The quantitative determination of IL-1β, IL-6 and TNF-α in serum were done by Diaclone ELISA kits, France. The procedures were solid phase sandwich ELISA which recognizes both natural and recombinant human IL-1β, IL-6 and TNF-α. The sensitivity of the Diaclone ELISA kits was 6.5 pg/ml, 0.81 pg/ml, and <8 pg/ml and the expected values were <6.5 pg/ml, 0.81–4.72 pg/ml, and <8 pg/ml for IL-1β, IL-6 and TNF-α, respectively.
Medical management of patients was set according to the protocols of the ICU of Qena University Hospital for every case as needed and according to the cause of ALI/ARDS.
Sample size
Based on previously published data, we assumed confidence level of 95% to detect 15% difference in the PO2/FiO2 ratio: The sample size of 27 cases per group was calculated (GraphPad InStat 3).[12] To compensate for possible dropouts, it was decided to include 30 patients in each group.
Statistical analysis
Statistical analysis was performed using the SPSS program version 20. Continuous data are expressed as mean ± standard deviation for normally distributed data or median (interquartile range) for nonnormally distributed data. Normally distributed data were compared using unpaired t-test, and nonnormally distributed data using the rank sum test. Baseline patient's clinical characteristics in the two groups were compared using Chi-square test. The value of P < 0.05 was considered statistically significant.
Results
This study was conducted on 60 adult patients admitted to the ICU of Qena University Hospital either directly or referred from chest department. The cause of admission is shown in Table 1. The patient's characteristics were comparable in the two groups with no significant differences [Table 1].

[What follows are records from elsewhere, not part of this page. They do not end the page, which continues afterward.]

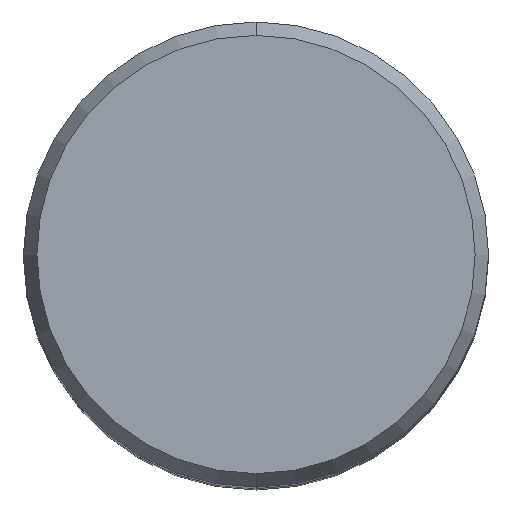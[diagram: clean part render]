
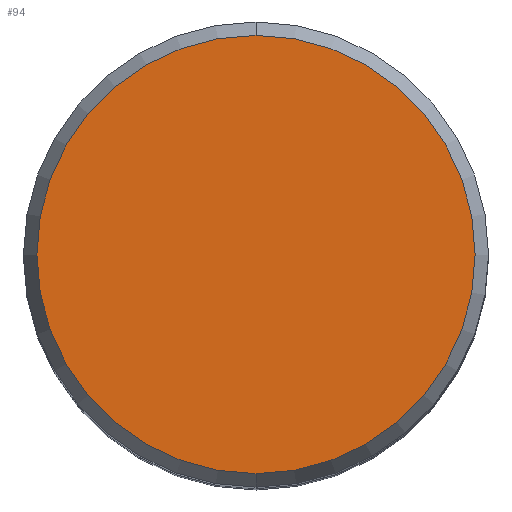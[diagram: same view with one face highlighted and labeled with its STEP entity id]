
A CAD part, top view. The second image highlights one B-rep face of the part: STEP entity #94.
In plain terms, the highlighted planar face has unit normal (0, 0, 1).
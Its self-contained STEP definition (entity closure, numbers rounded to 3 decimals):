
#94=ADVANCED_FACE('',(#216),#217,.T.);
#98=EDGE_CURVE('',#134,#130,#221,.T.);
#106=EDGE_CURVE('',#130,#134,#230,.T.);
#130=VERTEX_POINT('',#255);
#134=VERTEX_POINT('',#259);
#216=FACE_OUTER_BOUND('',#346,.T.);
#217=PLANE('',#347);
#221=CIRCLE('',#352,14.958);
#230=CIRCLE('',#363,14.958);
#255=CARTESIAN_POINT('',(0.0,14.958,0.01));
#259=CARTESIAN_POINT('',(0.,-14.958,0.01));
#346=EDGE_LOOP('',(#487,#488));
#347=AXIS2_PLACEMENT_3D('',#489,#490,#491);
#352=AXIS2_PLACEMENT_3D('',#492,#493,#494);
#363=AXIS2_PLACEMENT_3D('',#504,#505,#506);
#487=ORIENTED_EDGE('',*,*,#106,.F.);
#488=ORIENTED_EDGE('',*,*,#98,.F.);
#489=CARTESIAN_POINT('',(0.0,7.479,0.01));
#490=DIRECTION('',(-0.0,0.0,1.0));
#491=DIRECTION('',(0.0,-1.0,0.0));
#492=CARTESIAN_POINT('',(0.0,0.0,0.01));
#493=DIRECTION('',(0.0,0.0,-1.0));
#494=DIRECTION('',(0.0,1.0,0.0));
#504=CARTESIAN_POINT('',(0.0,0.0,0.01));
#505=DIRECTION('',(0.0,0.0,-1.0));
#506=DIRECTION('',(0.0,1.0,0.0));

There were no significant differences in mean HR and mean blood pressure between the two studied groups and when compared to prenebulization data [Table 2].
Table 2.
Cardio-respiratory and ventilator parameters
Ventilator settings parameters were comparable in the two groups as no significant differences were recorded [Table 2].
Nebulized budesonide administration had led to significant decrease in peak (P = 0.021) and plateau (P = 0.032) airway pressures when compared with the other placebo group [Table 2].
Oxygenation index (PaO2/FiO2) showed improvement in budesonide group (239 ± 15) compared with the placebo group (207 ± 12) with statistically significant difference (P = 0.023) [Table 2].
Regarding serum concentration of cytokines, budesonide group showed statistically significant decrease in the levels of TNF-α, IL-1β, and IL-6 compared with placebo group (TNF-α 28 ± 24 vs. 49 ± 30, IL-1β 31 ± 43 vs. 43 ± 51, and IL-6 386 ± 215 vs. 563 ± 314, respectively; P < 0.05) [Table 3].
Table 3.
Level of serum inflammatory cytokines (tumor necrosis factor-α, interleukin-1b and interleukin-6)
Discussion
The results of this study showed that budesonide nebulization significantly improved peak and plateau airway pressures and oxygenation in the form of increased PaO2/FiO2 ratio together with significant anti-inflammatory effect manifested by reducing the values of inflammatory cytokines (IL-1β, IL-6 and TNF-α) in patients with early ALI/ARDS.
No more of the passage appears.